Was nach der ersten Szene noch eine Reihe einfacher, unspektakulärer aber schöner Miniaturen hätte werden können, mündet bereits beim zweiten Bild in allzu vertraute Gewässer. Aus der Seelandschaft ist ein grauer Raum geworden, vor dem sich Paare begegnen. In einer einfallslosen Licht-aus-Licht-an-Dramaturgie verändern sie ihre Position, kommen sich näher oder umarmen sich mit ausgestreckten Armen. Der umlaufende Sound aus Motorgeräuschen des ersten Teils macht einem warmen Gitarrenspiel Platz (Musik: Jonathan Bepler). Es menschelt wieder, und Sasha Waltz erspart uns in der Folge kein Klischee des deutschen Tanztheaters. Gespenstische nackte Körper auf der Leinwand nähern sich ihren leibhaftigen Pendants auf der Bühne, beginnen aber nur halbherzig mit ihnen zu tanzen. Lieber legen sie stattdessen einen Rock’n’Roll im Petticoat und einen Tango mit nackten Beinen aufs edle Parkett. Warum also das Video von Eve Sussman und Heike Schupelius, wenn damit nichts gemacht wird? Ein Mann mit Stöckelschuhen wandert über die Bühne wie einst Jan Minarek bei Pina Bausch. Vor einer Aussichtsplattform auf einem Flughafen, der so trostlos aussieht wie ein Gemälde von Edward Hopper, springen die Tänzer in den Graben, nur um sich gleich wieder aus ihm herauszuquälen. Ein Vortänzer bugsiert sie schließlich alle wieder von der Bühne. Ein Mann wird von den Frauen in schwarzer Unterwäsche kreischend umzingelt. Zu orgiastischem Stöhnen prallen die Geschlechter aufeinander, bis die Männer, ihre ganze Pracht mit einer Hand verdeckend, zwischen den Damen umherlaufen wie aufgescheuchte Gockel. Sasha Waltz Bilder verstören nicht. Sie sind gefällig und leicht aufzulösen. Ein Mann und eine Frau walzen einen Klumpen Teig, und Sasha walzt ihr eigenes Stück platt.

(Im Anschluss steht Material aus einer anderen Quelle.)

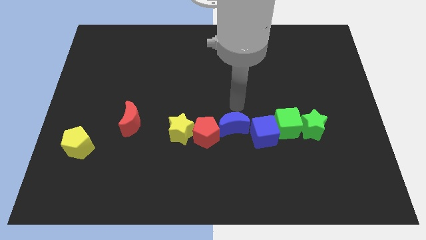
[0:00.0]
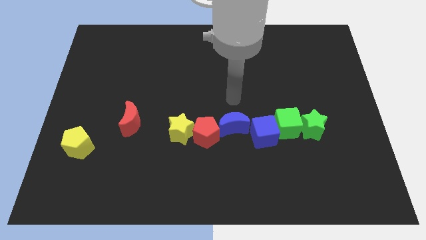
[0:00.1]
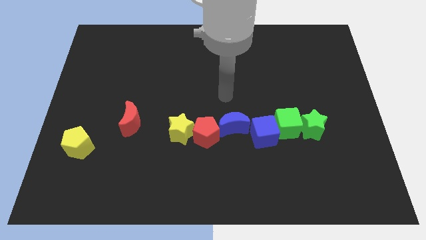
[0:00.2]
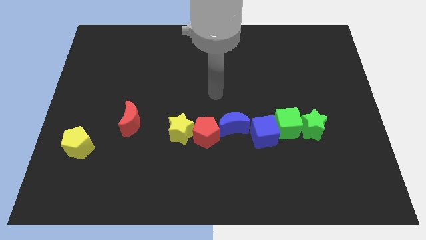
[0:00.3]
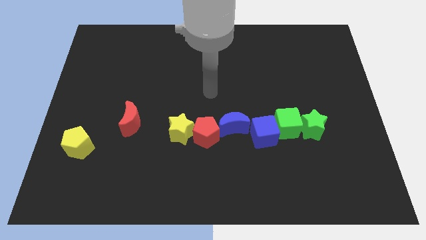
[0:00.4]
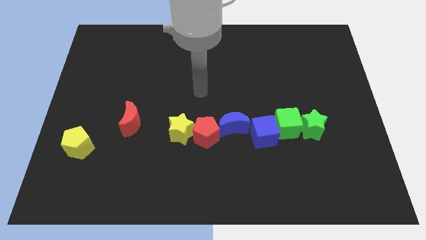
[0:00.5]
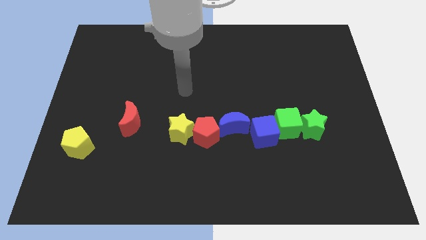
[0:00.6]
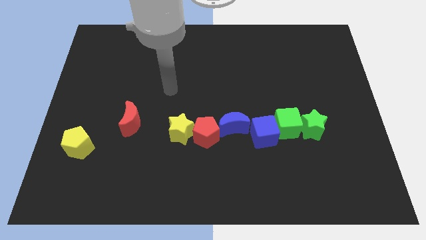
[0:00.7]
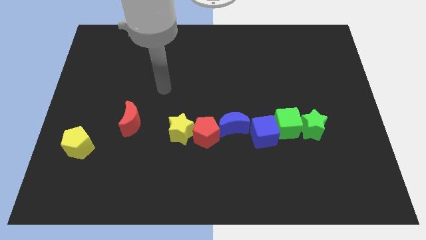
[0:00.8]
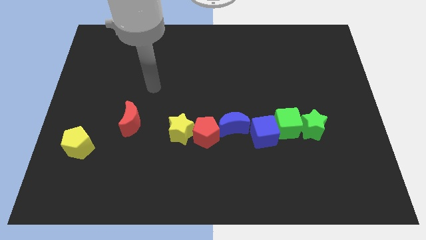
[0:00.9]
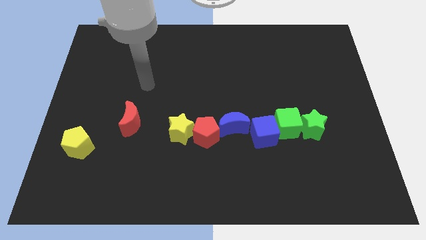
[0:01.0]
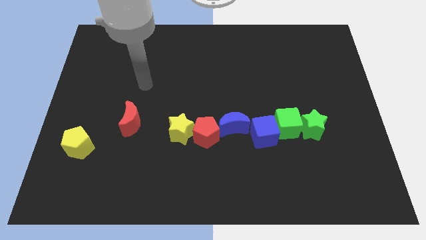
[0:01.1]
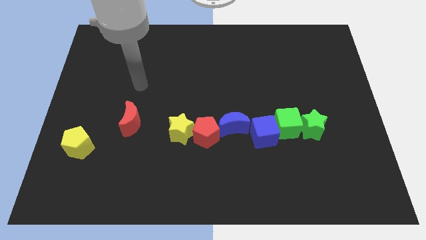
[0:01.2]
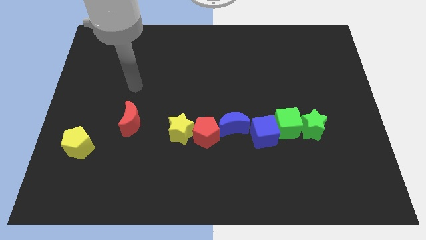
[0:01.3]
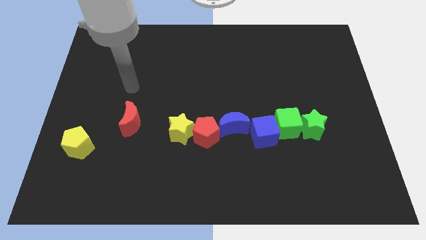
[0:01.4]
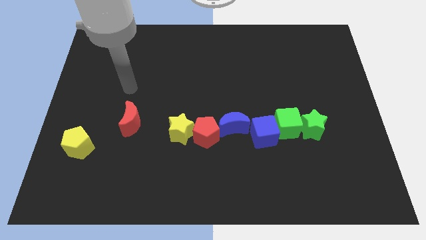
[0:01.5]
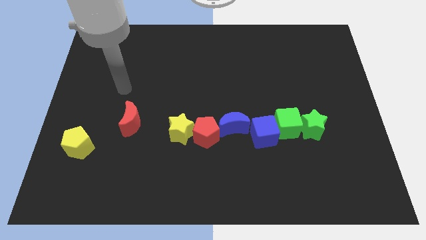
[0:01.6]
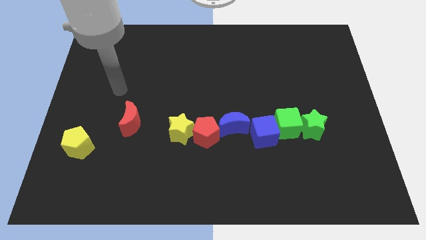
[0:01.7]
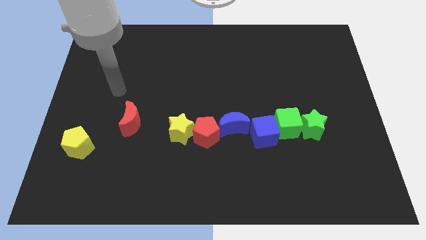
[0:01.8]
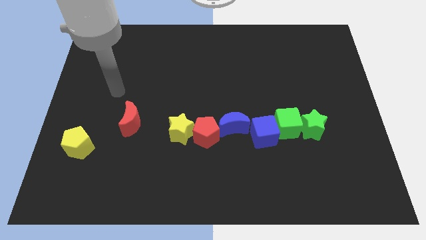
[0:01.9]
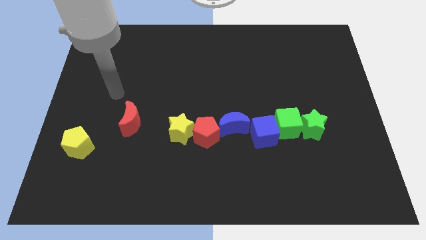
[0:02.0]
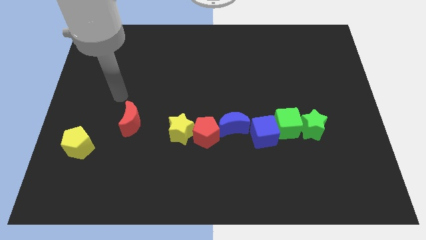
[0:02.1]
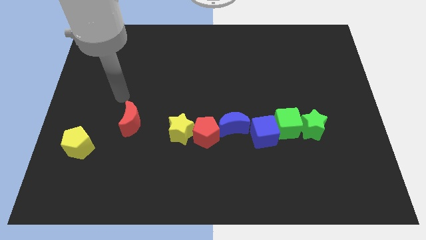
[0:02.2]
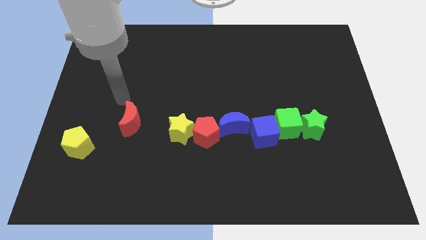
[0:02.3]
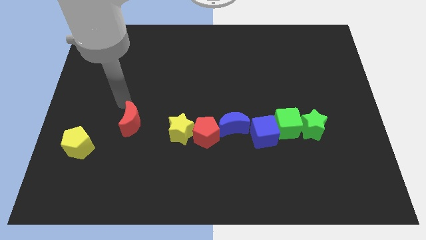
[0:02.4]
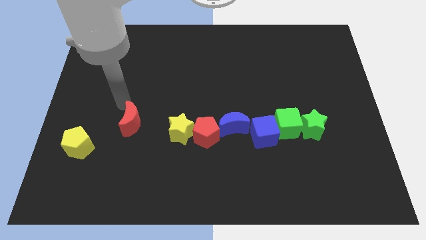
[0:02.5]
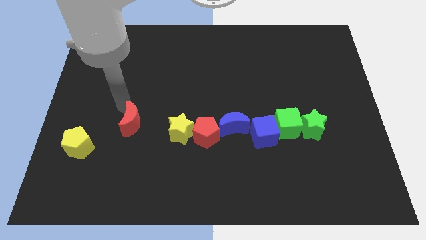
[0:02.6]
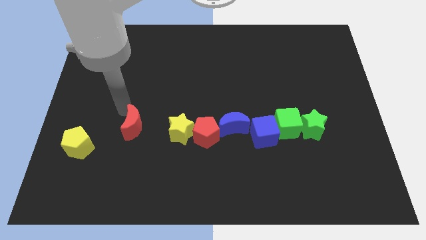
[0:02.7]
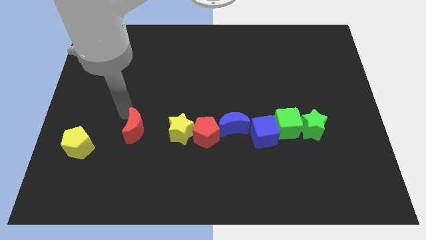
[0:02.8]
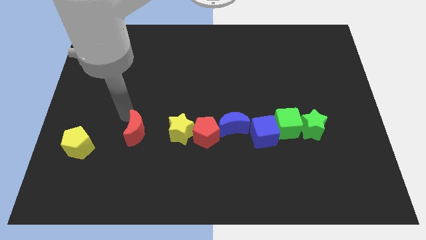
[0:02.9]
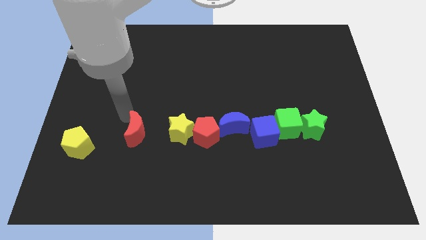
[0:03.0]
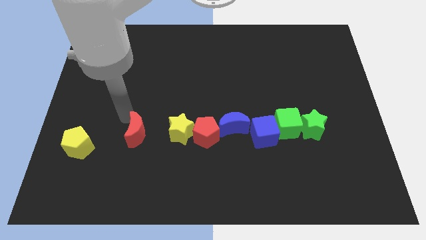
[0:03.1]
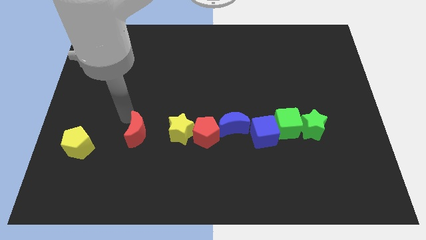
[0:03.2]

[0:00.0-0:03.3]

Zum Schluss holt die Choreografin noch einmal aus. Inspiriert von Hieronymus Boschs Gemälde Der Garten der Lüste, schwimmen über eine paradiesische Urlandschaft Giraffen, Elefanten, Nashörner und allerlei kleine Fantasietierchen. Ein Tisch, unter dem mysteriöse Perücken hängen und auf dem eine Reihe von Flaschen steht, senkt sich von der Decke. Jemand gießt die weiße milchähnliche Flüssigkeit über dem Kopf einer Frau aus, die ihre Hand zum Schutz wie einen Schirm über sich hält. Ein Paar nimmt einen kräftigen Schluck und bespuckt sich, und die beiden Teigwalzer setzen sich, den duftenden Teig als Kostüm am Leib tragend, an die Rampe. Doch die Sinnlichkeit, die die Materialien in Sasha Waltz’ Land, in dem Milch und Honig fließen, versprechen, ist eher einer puritanischen Ängstlichkeit geschuldet als ausgelassener Freude. Ein genauerer Blick auf Boschs perfides Gemälde-Puzzle, auf dem keine Perversion ausgespart ist, hätte beim Erkunden der Lüste sicher geholfen. Doch Sasha Waltz schaut nirgends genauer hin. So steht S hier nicht für Sex, Sünde und Sinnlichkeit, sondern für spießig. Auch der Name der Choreografin fängt mit S an: It’s Sasha with a Ssssssssssssss - zum Wegdösen.